Studying the association between diurnal rhythms of eating-fasting and rest-activity behaviors and oral microbiome.
Traditionally, studies of rest-activity and eating-fasting behaviors focused on conventional measures of individual components such as caloric intake, dietary quality, physical activity duration and volume, length of sedentary behavior, and sleep duration and quality. These measures ignore the timing aspect of the behaviors and are inadequate to capture the overall patterns of multiple behaviors that are often correlated with each other. There is a need for an integrated approach to comprehensively assess the rhythmic profiles and interrelationships of diurnal behaviors in human populations, and examine their relationships with health and disease outcomes. Our previous work in the Interactive Diet and Activity Tracking in AARP (IDATA) study have defined multiple circadian parameters to characterize the eating-fasting cycle. We have found that meal timing variables are significantly associated with overweight and obesity. Specifically, eating early in the morning was associated with lower odds of overweight and obesity, while late night eating was associated with higher odds. We also found that the duration and timing of overnight fasting are associated with obesity. We are currently expanding this line of research by 1) characterizing rest-activity rhythms using actigraphy data; and 2) developing statistical methods to examine the joined profiles of eating-fasting and rest-activity in relation to health indicators.

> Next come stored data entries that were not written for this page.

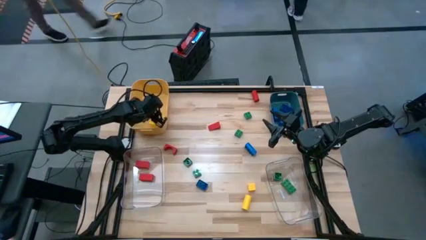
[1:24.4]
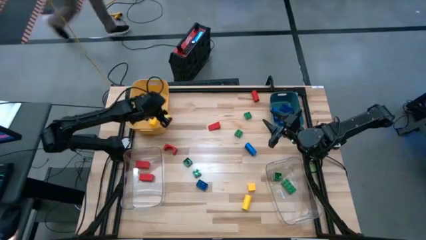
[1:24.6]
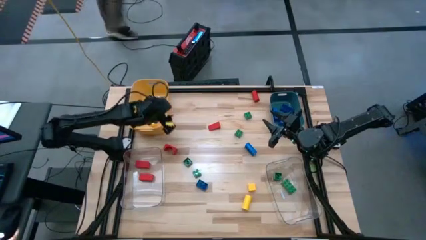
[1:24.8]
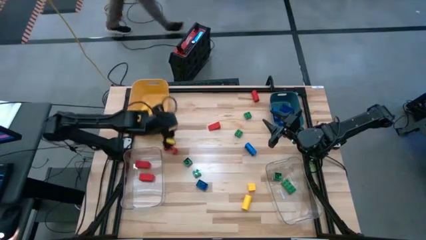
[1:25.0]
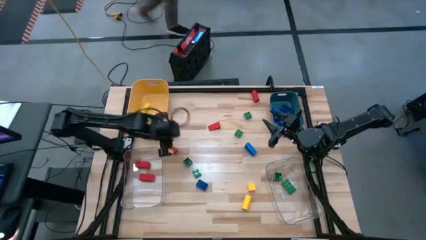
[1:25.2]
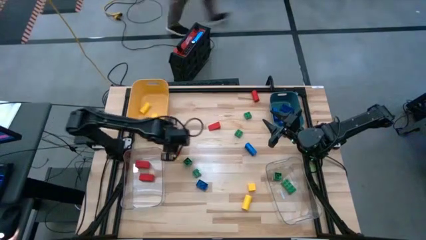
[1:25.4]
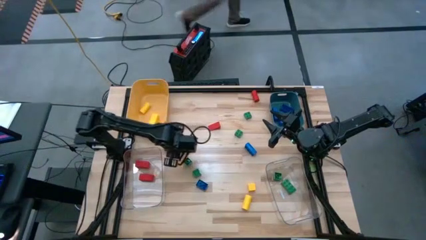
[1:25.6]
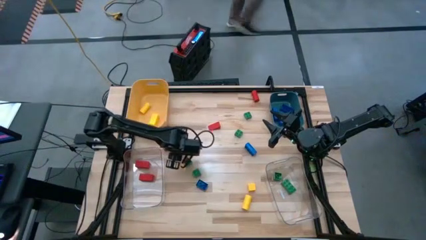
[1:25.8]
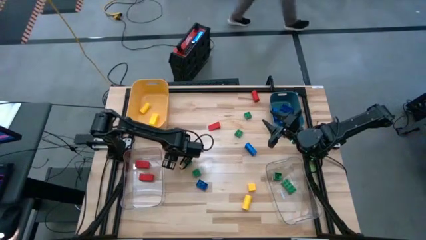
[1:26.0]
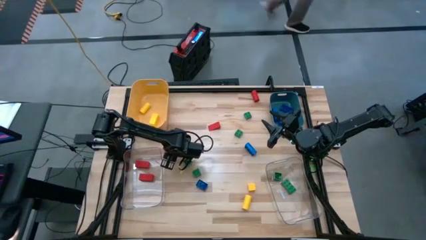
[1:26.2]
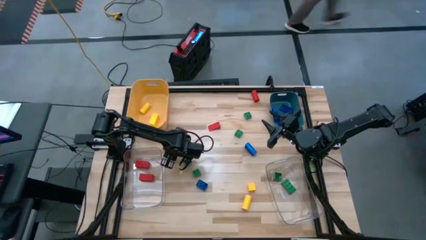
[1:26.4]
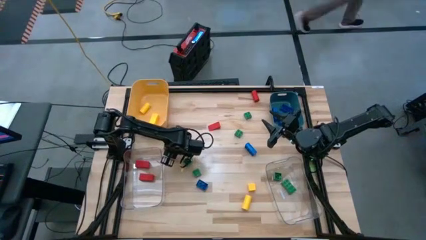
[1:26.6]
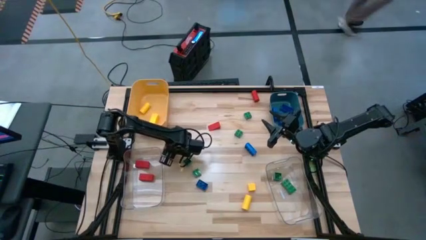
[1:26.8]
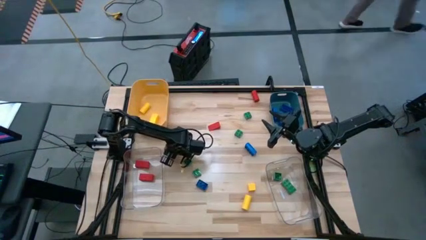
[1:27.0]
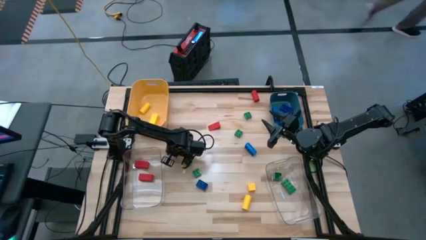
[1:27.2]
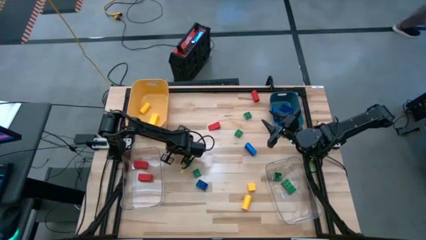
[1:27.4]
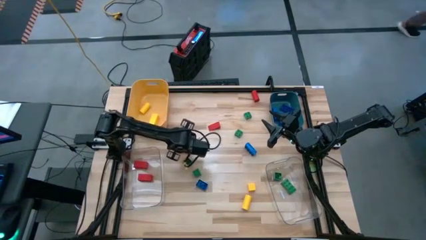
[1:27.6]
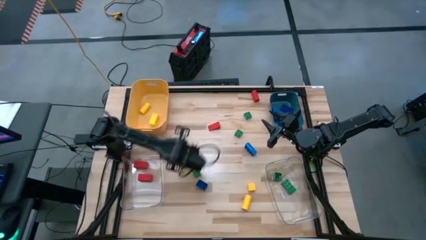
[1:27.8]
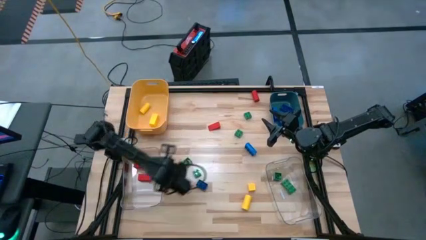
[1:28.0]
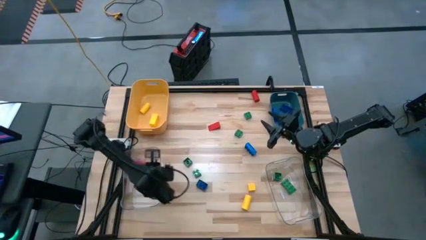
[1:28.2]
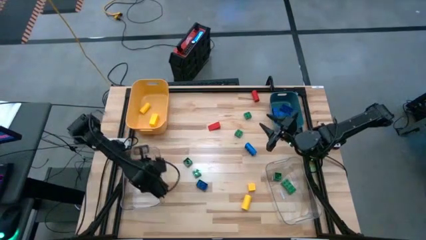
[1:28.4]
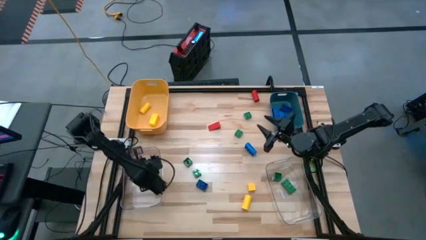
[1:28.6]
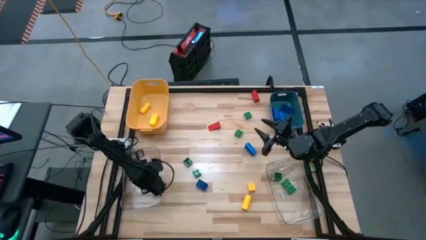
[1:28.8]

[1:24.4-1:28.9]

In this study, we propose to investigate characteristics of the eating-fasting and rest-activity cycles in relation to oral microbiome in the IDATA. Currently, an approved and active study is aimed at obtaining oral microbiome data using multiple samples from more than 900 IDATA participants. The study will allow us to examine both average patterns and daily temporal variation (morning vs. evening) in oral microbiota, and investigate their associations with diurnal behavior patterns.
Aim 1 Investigate characteristics of the eating-fasting and rest-activity cycles in relation to microbial diversity, including alpha diversity (observed species, Shannon index, and Faith’s PD), beta diversity (Bray-Curtis, unweighted UniFrac, and weighted UniFrac), and presence/absence of a specific taxon).
Aim 2 Investigate characteristics of the eating-fasting and rest-activity cycles in relation to difference in microbial diversity between morning and evening measures.